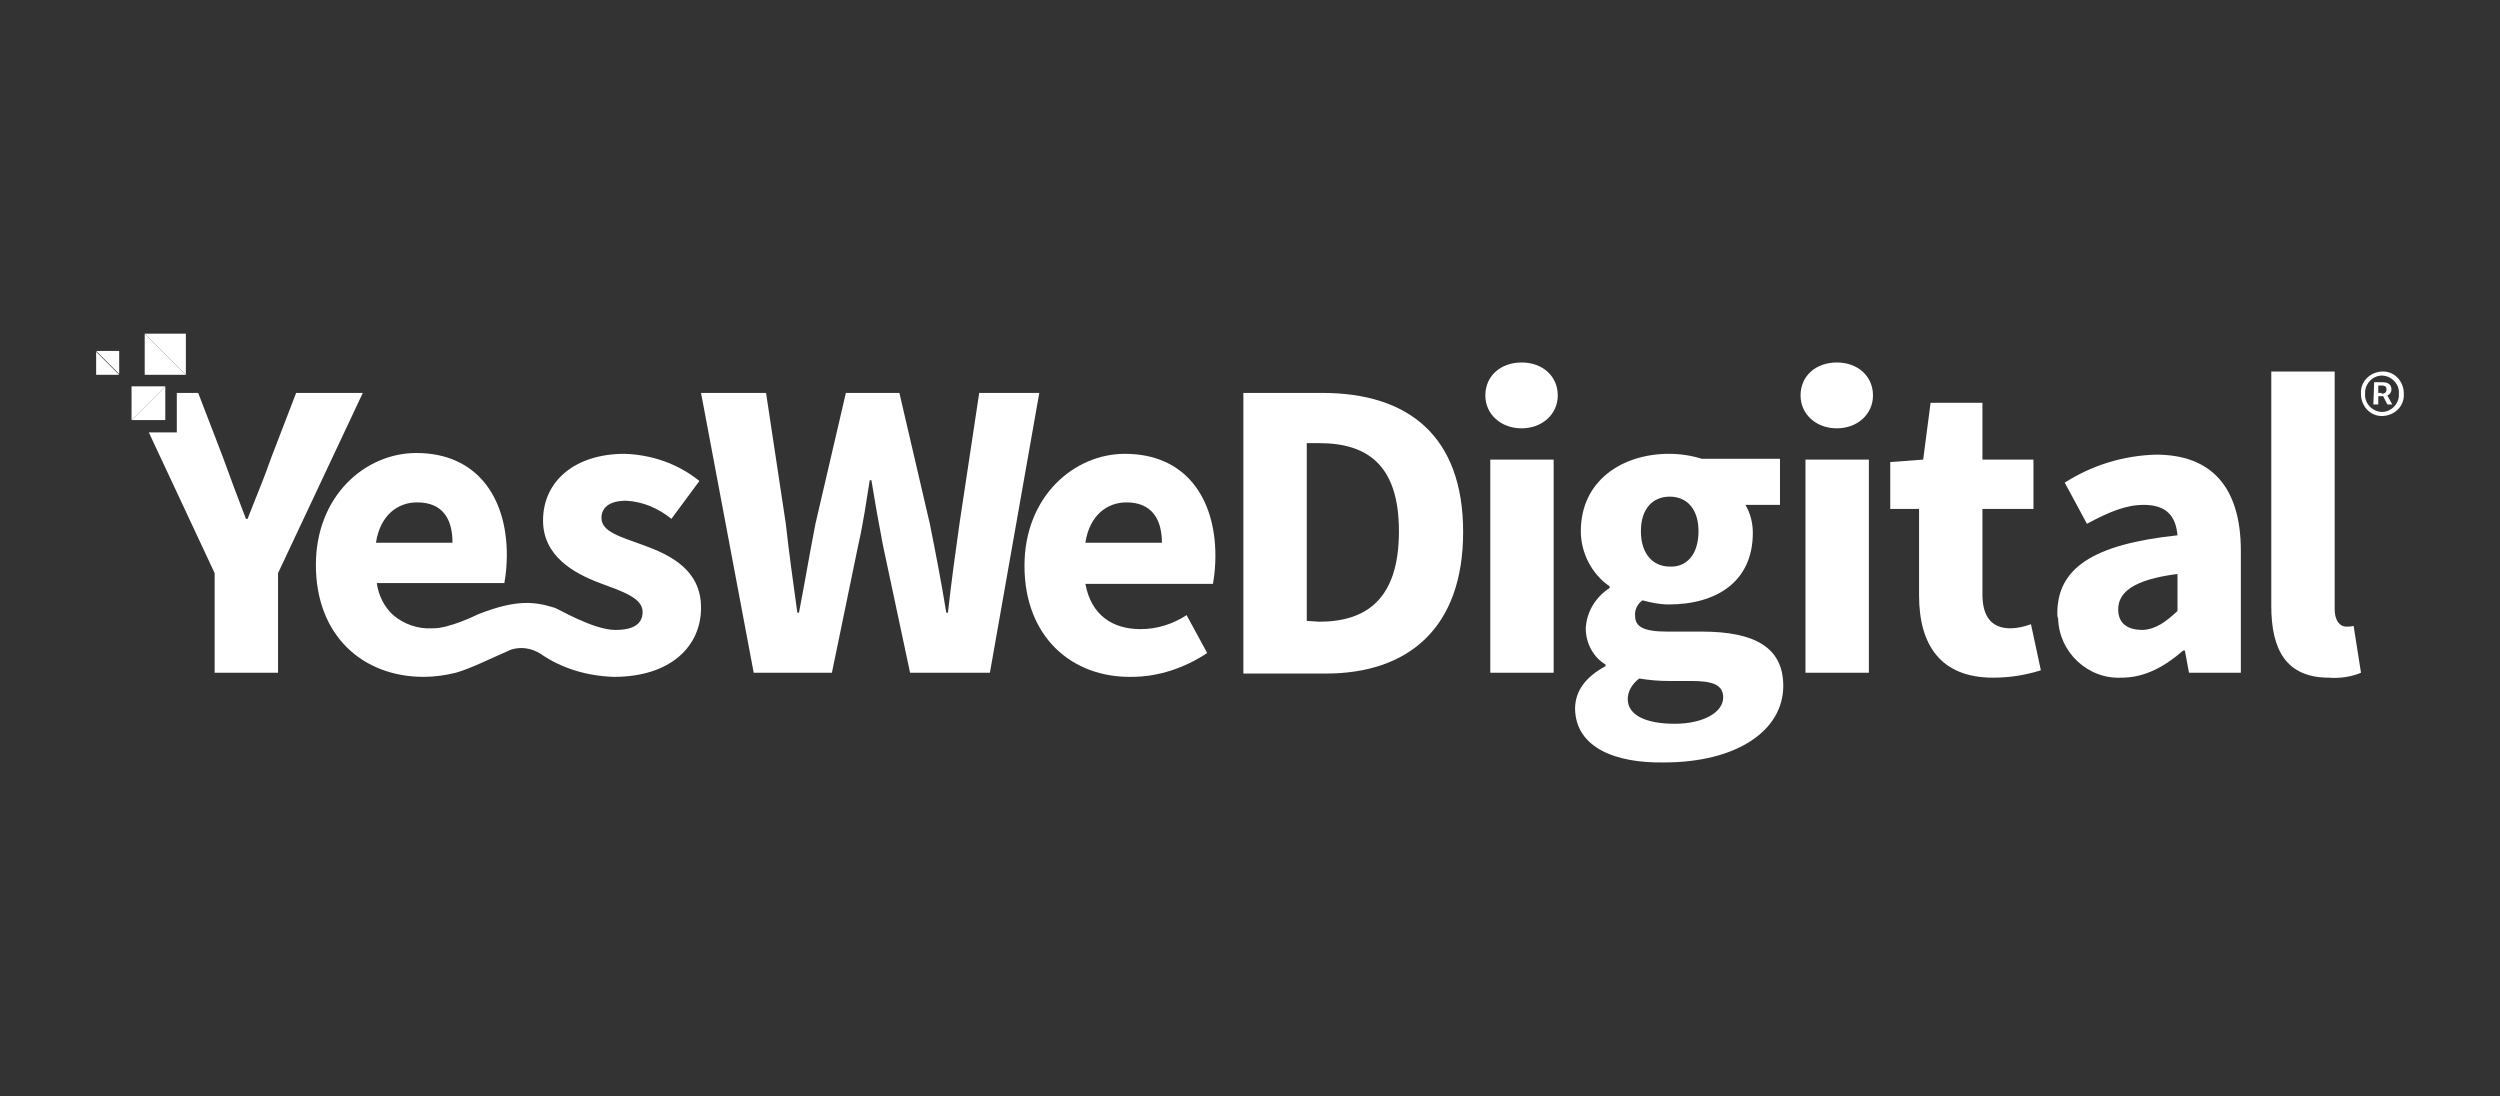 <svg width="130" height="57" viewBox="0 0 130 57" fill="none" xmlns="http://www.w3.org/2000/svg">
<rect x="0" y="0" width="130" height="57" fill="#333333" stroke="none"/>
<path d="M36.454 20.432H39.835L40.862 27.237C41.033 28.777 41.247 30.318 41.461 31.859H41.547C41.846 30.318 42.103 28.777 42.403 27.237L43.986 20.432H46.768L48.351 27.237C48.651 28.735 48.95 30.275 49.207 31.859H49.293C49.464 30.318 49.678 28.735 49.892 27.237L50.919 20.432H54.043L51.475 34.983H47.324L45.912 28.349C45.698 27.237 45.484 26.038 45.313 24.969H45.227C45.056 26.038 44.885 27.237 44.628 28.349L43.259 34.983H39.193L36.454 20.432Z" fill="white"/>
<path d="M53.273 29.419C53.273 25.825 55.841 23.599 58.494 23.599C61.661 23.599 63.201 25.91 63.201 28.906C63.201 29.377 63.159 29.89 63.073 30.361H56.44C56.739 31.987 57.852 32.715 59.307 32.715C60.163 32.715 60.976 32.458 61.704 31.987L62.773 33.956C61.618 34.726 60.248 35.197 58.836 35.197C55.712 35.239 53.273 33.1 53.273 29.419ZM60.42 28.221C60.42 27.023 59.906 26.124 58.58 26.124C57.553 26.124 56.654 26.809 56.44 28.221H60.42Z" fill="white"/>
<path d="M64.656 20.432H68.765C73.216 20.432 76.083 22.658 76.083 27.665C76.083 32.672 73.216 35.025 68.936 35.025H64.656V20.432ZM68.594 32.329C71.076 32.329 72.745 31.131 72.745 27.622C72.745 24.155 71.076 23.043 68.594 23.043H67.952V32.286L68.594 32.329Z" fill="white"/>
<path d="M77.238 20.561C77.238 19.534 78.051 18.849 79.121 18.849C80.234 18.849 81.004 19.576 81.004 20.561C81.004 21.545 80.191 22.273 79.121 22.273C78.051 22.273 77.238 21.545 77.238 20.561ZM77.495 23.899H80.79V34.983H77.495V23.899Z" fill="white"/>
<path d="M81.903 36.866C81.903 35.924 82.459 35.197 83.487 34.64V34.555C82.845 34.17 82.459 33.442 82.459 32.672C82.502 31.816 82.973 31.046 83.701 30.575V30.489C82.759 29.847 82.203 28.735 82.203 27.622C82.203 24.969 84.385 23.599 86.782 23.599C87.381 23.599 87.937 23.685 88.493 23.856H92.559V26.253H90.762C91.018 26.68 91.147 27.194 91.147 27.707C91.147 30.275 89.221 31.431 86.782 31.431C86.311 31.431 85.883 31.345 85.412 31.217C85.156 31.388 84.984 31.73 85.027 32.03C85.027 32.586 85.455 32.843 86.696 32.843H88.493C91.232 32.843 92.73 33.656 92.73 35.667C92.73 37.978 90.334 39.647 86.525 39.647C84 39.69 81.946 38.877 81.903 36.866ZM89.606 36.267C89.606 35.582 89.007 35.411 87.937 35.411H86.782C86.268 35.411 85.755 35.368 85.241 35.282C84.899 35.539 84.642 35.924 84.642 36.352C84.642 37.208 85.626 37.636 87.081 37.636C88.579 37.636 89.606 37.037 89.606 36.267ZM88.322 27.622C88.322 26.424 87.68 25.825 86.825 25.825C85.969 25.825 85.327 26.424 85.327 27.622C85.327 28.82 85.969 29.462 86.825 29.462C87.68 29.505 88.322 28.863 88.322 27.622Z" fill="white"/>
<path d="M93.629 20.561C93.629 19.534 94.442 18.849 95.512 18.849C96.624 18.849 97.395 19.576 97.395 20.561C97.395 21.545 96.582 22.273 95.512 22.273C94.442 22.273 93.629 21.545 93.629 20.561ZM93.885 23.899H97.181V34.983H93.885V23.899Z" fill="white"/>
<path d="M99.791 30.96V26.466H98.293V24.027L100.005 23.899L100.39 20.946H103.087V23.899H105.74V26.466H103.087V30.917C103.087 32.158 103.643 32.672 104.542 32.672C104.884 32.672 105.269 32.586 105.611 32.458L106.125 34.854C105.312 35.111 104.499 35.239 103.643 35.239C100.904 35.239 99.791 33.528 99.791 30.96Z" fill="white"/>
<path d="M106.98 31.901C106.98 29.548 108.821 28.307 113.229 27.836C113.143 26.852 112.672 26.253 111.474 26.253C110.532 26.253 109.634 26.638 108.521 27.237L107.366 25.097C108.778 24.198 110.404 23.685 112.116 23.642C114.94 23.642 116.524 25.268 116.524 28.649V34.983H113.828L113.614 33.827H113.528C112.587 34.64 111.56 35.239 110.319 35.239C108.564 35.325 107.066 33.913 107.023 32.158C106.98 32.073 106.98 31.987 106.98 31.901ZM113.229 31.773V29.847C110.875 30.147 110.147 30.832 110.147 31.688C110.147 32.415 110.618 32.757 111.431 32.757C112.116 32.715 112.629 32.329 113.229 31.773Z" fill="white"/>
<path d="M118.107 31.516V19.32H121.403V31.645C121.403 32.372 121.745 32.586 122.002 32.586C122.13 32.586 122.259 32.586 122.387 32.543L122.772 34.983C122.259 35.197 121.702 35.282 121.103 35.239C118.878 35.239 118.107 33.784 118.107 31.516Z" fill="white"/>
<path d="M33.459 28.349C32.303 27.921 31.276 27.665 31.276 26.937C31.276 26.381 31.704 26.038 32.56 26.038C33.416 26.081 34.229 26.424 34.914 26.98L36.369 25.011C35.256 24.113 33.887 23.642 32.474 23.599C29.907 23.599 28.238 25.011 28.238 27.066C28.238 28.906 29.821 29.804 31.191 30.318C32.346 30.746 33.416 31.088 33.416 31.816C33.416 32.415 32.988 32.757 32.004 32.757C30.848 32.757 29.008 31.645 28.837 31.602C27.853 31.302 26.911 31.131 24.857 31.944C24.857 31.944 23.316 32.714 22.46 32.672C21.733 32.714 21.005 32.458 20.449 31.987C19.978 31.559 19.679 30.96 19.593 30.318H26.226C26.312 29.847 26.355 29.334 26.355 28.863C26.355 25.824 24.771 23.556 21.647 23.556C18.994 23.556 16.426 25.782 16.426 29.376C16.426 33.057 18.866 35.197 22.032 35.197C22.589 35.197 23.188 35.111 23.701 34.983C24.472 34.769 25.67 34.169 26.569 33.784C27.082 33.613 27.639 33.699 28.109 33.998C29.222 34.769 30.549 35.154 31.918 35.197C34.871 35.197 36.454 33.613 36.454 31.602C36.454 29.633 34.871 28.863 33.459 28.349ZM21.69 26.124C23.017 26.124 23.53 26.98 23.53 28.221H19.55C19.764 26.809 20.663 26.124 21.69 26.124Z" fill="white"/>
<path d="M15.399 20.432L14.115 23.77C13.73 24.883 13.302 25.867 12.874 26.98H12.789C12.361 25.867 11.976 24.84 11.59 23.77L10.306 20.432H9.194V22.486H7.739L11.162 29.804V34.983H14.458V29.804L18.866 20.432H15.399Z" fill="white"/>
<path d="M8.595 20.09L6.84 21.845V20.09H8.595Z" fill="white"/>
<path d="M8.595 20.09L6.84 21.845H8.595V20.09Z" fill="white"/>
<path d="M5 18.293L6.198 19.491H5V18.293Z" fill="white"/>
<path d="M5 18.25L6.198 19.448V18.25H5Z" fill="white"/>
<path d="M7.525 17.351L9.665 19.491H7.525V17.351Z" fill="white"/>
<path d="M7.525 17.351L9.665 19.491V17.351H7.525Z" fill="white"/>
<path d="M122.772 20.475C122.729 19.876 123.2 19.363 123.842 19.32C124.441 19.277 124.955 19.748 124.997 20.39C124.997 20.432 124.997 20.475 124.997 20.475C125.04 21.074 124.569 21.588 123.927 21.631C123.328 21.673 122.815 21.203 122.772 20.561C122.772 20.561 122.772 20.518 122.772 20.475ZM124.741 20.475C124.783 20.004 124.398 19.576 123.927 19.534C123.457 19.491 123.029 19.876 122.986 20.347C122.986 20.39 122.986 20.432 122.986 20.475C122.943 20.946 123.328 21.374 123.799 21.417C124.27 21.459 124.698 21.074 124.741 20.604C124.741 20.561 124.741 20.518 124.741 20.475ZM123.457 19.876H123.885C124.141 19.876 124.355 19.962 124.355 20.261C124.355 20.39 124.27 20.518 124.141 20.561L124.398 21.032H124.141L123.927 20.604H123.671V21.032H123.414L123.457 19.876ZM123.842 20.475C124.013 20.475 124.099 20.39 124.099 20.261C124.099 20.133 124.056 20.047 123.842 20.047H123.671V20.432H123.842V20.475Z" fill="white"/>
</svg>

━━━━━━━━━━━━━━━━━━━━━━━━━━━━━━

(Aim of the exercise) Return word for word the lines above from the line with "36.866C81.903 35.924 82.459" to the line with "20.561C93.629 19.534 94.442", including both and leaving out all others.

(Exercise response)
<path d="M81.903 36.866C81.903 35.924 82.459 35.197 83.487 34.64V34.555C82.845 34.17 82.459 33.442 82.459 32.672C82.502 31.816 82.973 31.046 83.701 30.575V30.489C82.759 29.847 82.203 28.735 82.203 27.622C82.203 24.969 84.385 23.599 86.782 23.599C87.381 23.599 87.937 23.685 88.493 23.856H92.559V26.253H90.762C91.018 26.68 91.147 27.194 91.147 27.707C91.147 30.275 89.221 31.431 86.782 31.431C86.311 31.431 85.883 31.345 85.412 31.217C85.156 31.388 84.984 31.73 85.027 32.03C85.027 32.586 85.455 32.843 86.696 32.843H88.493C91.232 32.843 92.73 33.656 92.73 35.667C92.73 37.978 90.334 39.647 86.525 39.647C84 39.69 81.946 38.877 81.903 36.866ZM89.606 36.267C89.606 35.582 89.007 35.411 87.937 35.411H86.782C86.268 35.411 85.755 35.368 85.241 35.282C84.899 35.539 84.642 35.924 84.642 36.352C84.642 37.208 85.626 37.636 87.081 37.636C88.579 37.636 89.606 37.037 89.606 36.267ZM88.322 27.622C88.322 26.424 87.68 25.825 86.825 25.825C85.969 25.825 85.327 26.424 85.327 27.622C85.327 28.82 85.969 29.462 86.825 29.462C87.68 29.505 88.322 28.863 88.322 27.622Z" fill="white"/>
<path d="M93.629 20.561C93.629 19.534 94.442 18.849 95.512 18.849C96.624 18.849 97.395 19.576 97.395 20.561C97.395 21.545 96.582 22.273 95.512 22.273C94.442 22.273 93.629 21.545 93.629 20.561ZM93.885 23.899H97.181V34.983H93.885V23.899Z" fill="white"/>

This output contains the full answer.